**YOUR TASK:**
An exact copy of every record below is required, with the pictures left out.

*** DATA FOR PROCESSING ***

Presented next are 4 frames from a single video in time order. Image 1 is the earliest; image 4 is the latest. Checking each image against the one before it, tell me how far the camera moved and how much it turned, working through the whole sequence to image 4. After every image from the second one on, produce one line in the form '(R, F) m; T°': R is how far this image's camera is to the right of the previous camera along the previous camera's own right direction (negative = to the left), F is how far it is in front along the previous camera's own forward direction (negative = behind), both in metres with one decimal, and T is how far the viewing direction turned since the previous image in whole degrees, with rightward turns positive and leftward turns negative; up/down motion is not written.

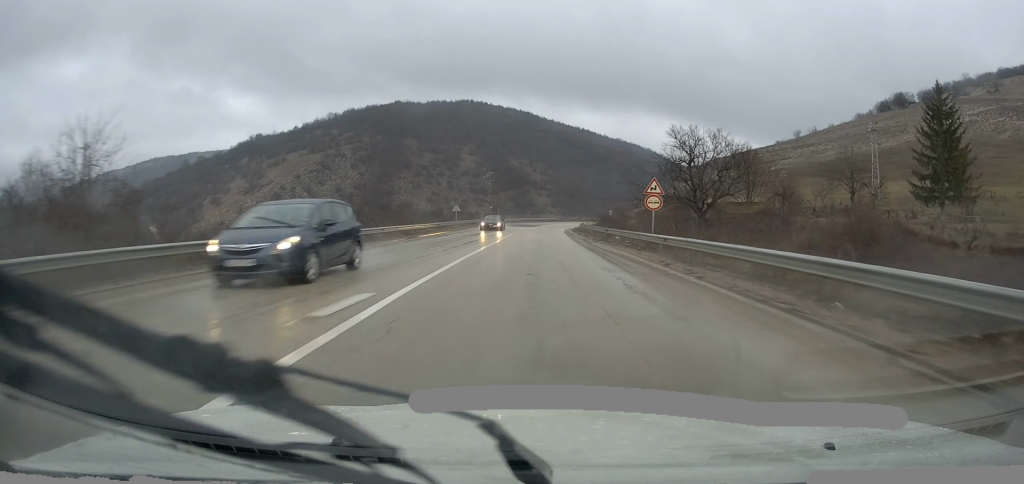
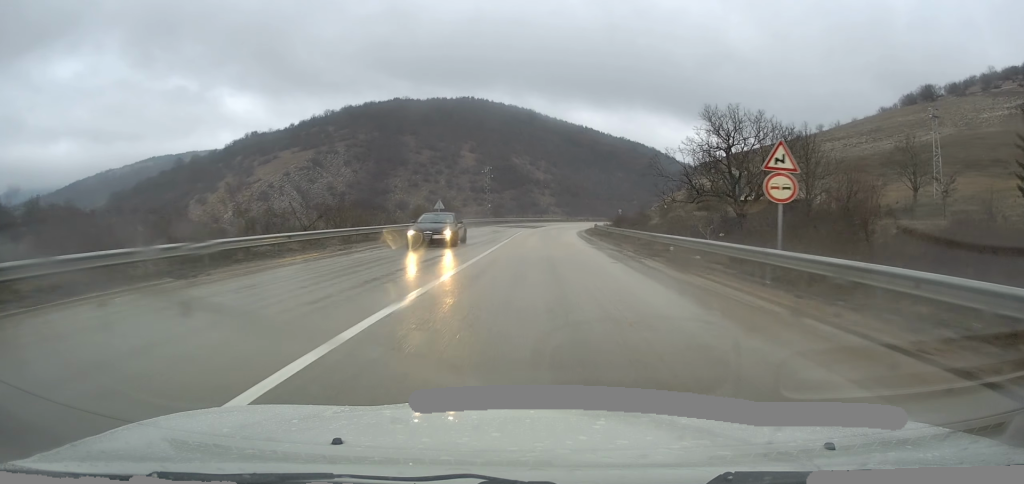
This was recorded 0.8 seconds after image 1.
(-0.2, +13.1) m; 0°
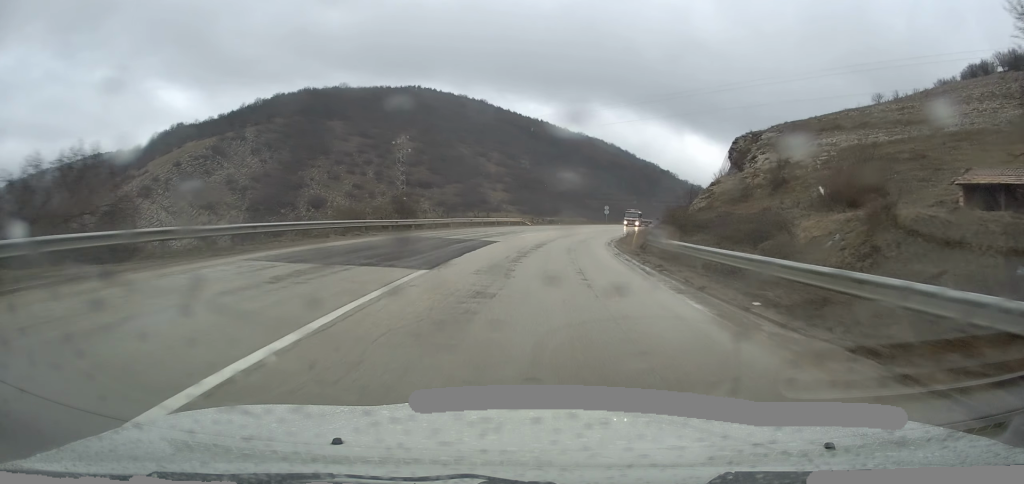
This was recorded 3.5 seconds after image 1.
(+0.8, +48.3) m; +3°
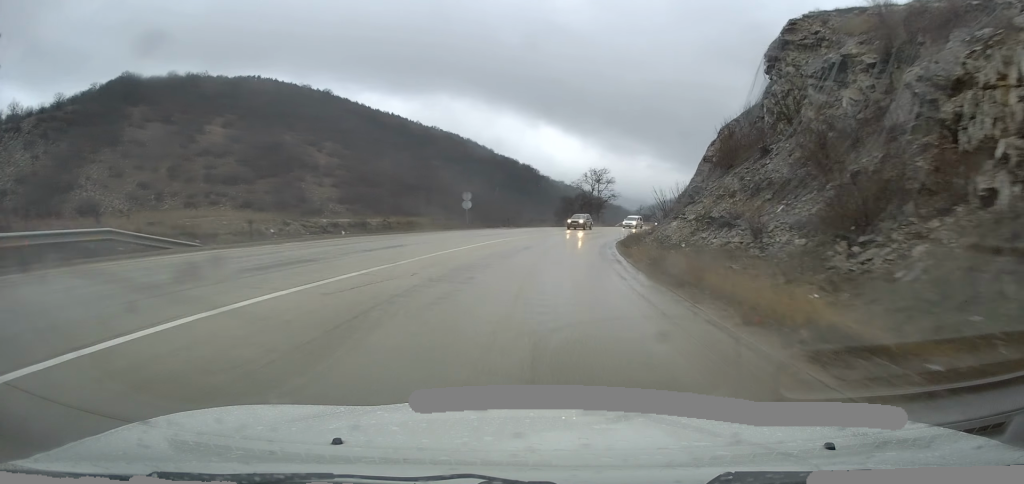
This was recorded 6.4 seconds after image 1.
(+4.3, +49.7) m; +11°

***

**EXERCISE RESPONSE:**
Presented next are 4 frames from a single video in time order. Image 1 is the earliest; image 4 is the latest. Checking each image against the one before it, tell me how far the camera moved and how much it turned, working through the whole sequence to image 4. After every image from the second one on, produce one line in the form '(R, F) m; T°': R is how far this image's camera is to the right of the previous camera along the previous camera's own right direction (negative = to the left), F is how far it is in front along the previous camera's own forward direction (negative = behind), both in metres with one decimal, and T is how far the viewing direction turned since the previous image in whole degrees, with rightward turns positive and leftward turns negative; up/down motion is not written.

This was recorded 0.8 seconds after image 1.
(-0.2, +13.1) m; 0°
This was recorded 3.5 seconds after image 1.
(+0.8, +48.3) m; +3°
This was recorded 6.4 seconds after image 1.
(+4.3, +49.7) m; +11°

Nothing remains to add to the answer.